他环顾这间简陋得不能再简陋的屋子:土炕、破桌、一个歪歪扭扭的柜子,墙角堆着几件沾满泥点的粗布短褂。一切都完美地诠释了一个从北边逃荒而来、老实巴交、只求糊口的苦力形象。左邻右舍谁不夸他一声“赵牛是个踏实人”?见人三分笑,干活不惜力,话少得像块石头。

“日日早出晚归,码头扛包,谁能挑出毛病?”他越想越得意,又灌了一大口酒,辛辣感直冲脑门,却让他感觉无比畅快,“姓江的再厉害,还能钻到这里来抓我不成?老子就在你眼皮子底下,你奈我何?”他嘴角咧开的弧度更大,几乎要笑出声来。忽然又止住笑,冷哼一声,他着实不懂那些撤走的人是什么胆子,配为狼主做事吗?

与此同时,就在赵牛那扇糊着厚厚窗纸的破门外,仅仅几步之遥的巷口阴影里,江愁余静静地矗立着,禾安同阿什回立在两旁,三人都听着对面的张婶说话:

张婶佝偻着腰,一边麻利地给江愁余塞菜,一边用沾着泥的手指悄悄点了点瓦房方向,浑浊的老眼里闪着精光:“江娘子,是我报的案,老婆子卖了大半辈子菜,啥人没见过?他口音说是北边苦寒地来的,可怪了!

“而且还专挑那些带点水汽、嫩生生的南边菜心买!咱这地界儿,寻常苦力汉子谁稀罕吃那玩意儿?费钱又不顶饿!老婆子我好奇问了一嘴,他支支吾吾,说是以前跑过船沾了点南边口味…跑船的?那手可不像常年拉缆绳、泡海水的手!嫩生着呢!着实奇怪,老婆子我想着赶紧同您说一声。”

忽然挨着她们这边的瓦房出来一人,刘大娘把一盆脏水泼在石板路上,水花溅起老高,她瞅见江愁余,眼睛一亮,拿着盆便两步

踩过来,问道:“江娘子您用午膳了吗?我这儿正巧蒸了花糕。”听到就张婶最后一句话,她眼神却飞快地瞟向赵牛晾在屋檐下的几件半旧里衣:“奇怪?我本来也想等会儿来寻您说件奇怪的事儿,这鬼天气,洗个衣裳都干不了!江娘子您瞧瞧!”

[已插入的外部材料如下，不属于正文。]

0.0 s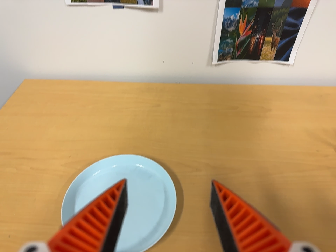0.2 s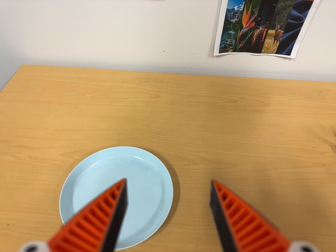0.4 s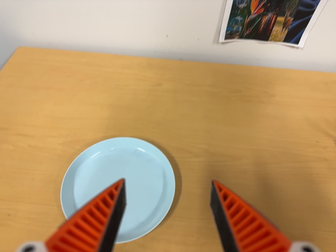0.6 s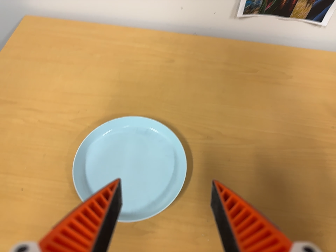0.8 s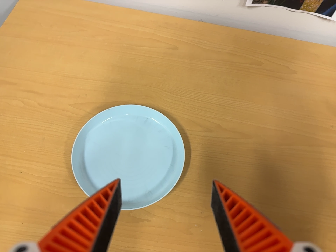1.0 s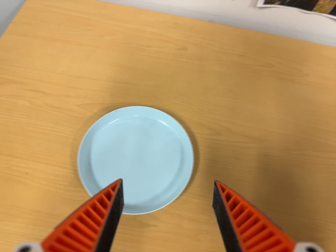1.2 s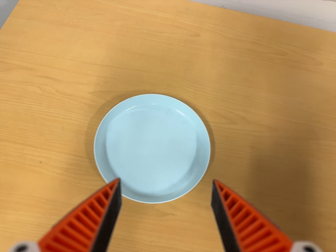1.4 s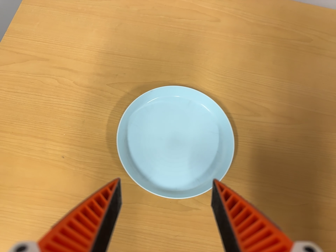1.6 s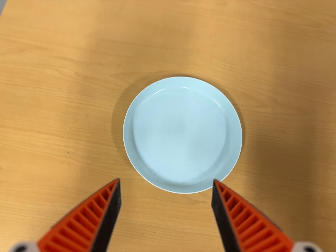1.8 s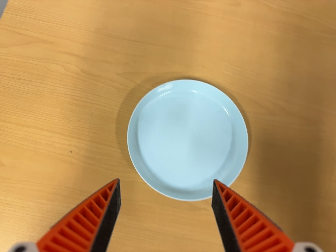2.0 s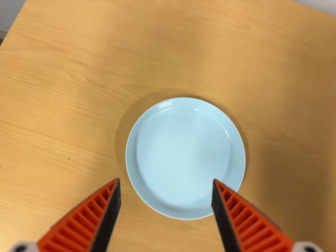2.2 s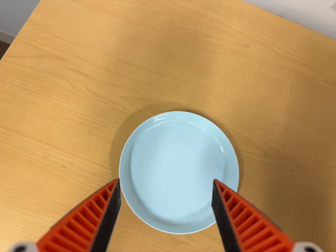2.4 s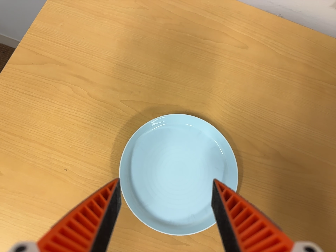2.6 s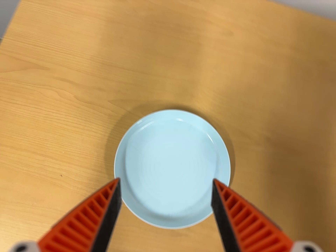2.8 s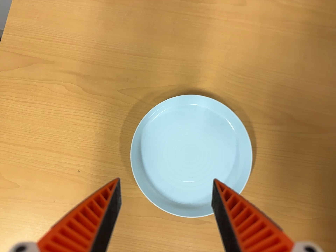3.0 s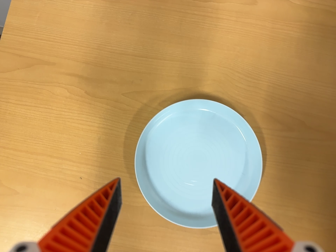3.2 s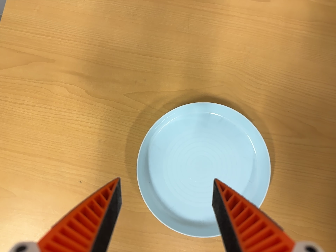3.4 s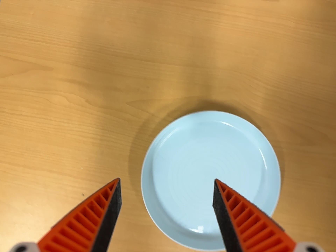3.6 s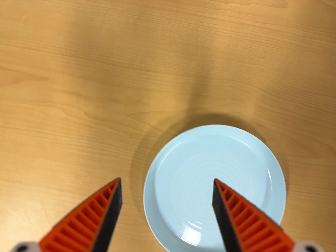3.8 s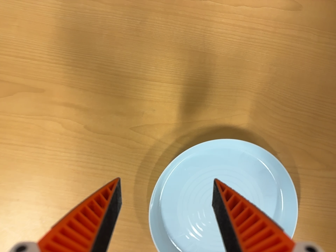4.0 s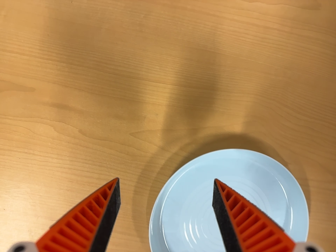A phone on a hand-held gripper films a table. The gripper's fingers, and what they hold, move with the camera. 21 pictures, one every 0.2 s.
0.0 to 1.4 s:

她故意指着赵牛晾的那几件,“就那赵牛,洗得倒勤快,可您细看看那领口、袖口磨的…啧啧,那纹路!哪像咱们这些干粗活磨出来的?倒像是…像是常年被硬邦邦的皮甲子给蹭的!俺家那口子年轻时当过几天兵,里衣磨破了就那德性!问他?他含含糊糊说以前在有钱人家当过护院…呸,护院能穷酸成这样?护院能半夜三更鬼鬼祟祟溜出门?骗鬼呢!”她最后一句几乎是嘟囔着,却清晰地送入了众人耳中。

……

屋内,赵牛吹灭了油灯,准备就着酒意入睡,上头撤退时命他走,他表面应下,实则迟迟未退,如今正逢乱局,他本来就不是蛮族血脉,岂会不知多得很的同僚想看他摔下来,如若这回他潜在窠林城立下大功,那往后便是大好前途,黄金美人入怀。

想到这儿,他又变得兴奋起来,本来只是谋划随时传递窠林城以及那劳什子江娘子的动静,但细细想来,也不是不可以试着刺杀一二,毕竟他眼下可是有一个毫无破绽的身份。

屋外,老更夫李伯被自家那口子揪着起来,催促去给小孙女买饴糖,还要江娘子常吃的那种,无奈之际起身裹上新棉袄边掀起门帘,边小心扯了扯棉袄的褶皱,这还是江娘子命衙役发给他们这些上年纪的老者,没成想一眼便瞧见江娘子,手也不搓了,脸上的皱纹舒展,他赶紧上前,听见对角的刘大娘正在说话,还指着那间瓦房。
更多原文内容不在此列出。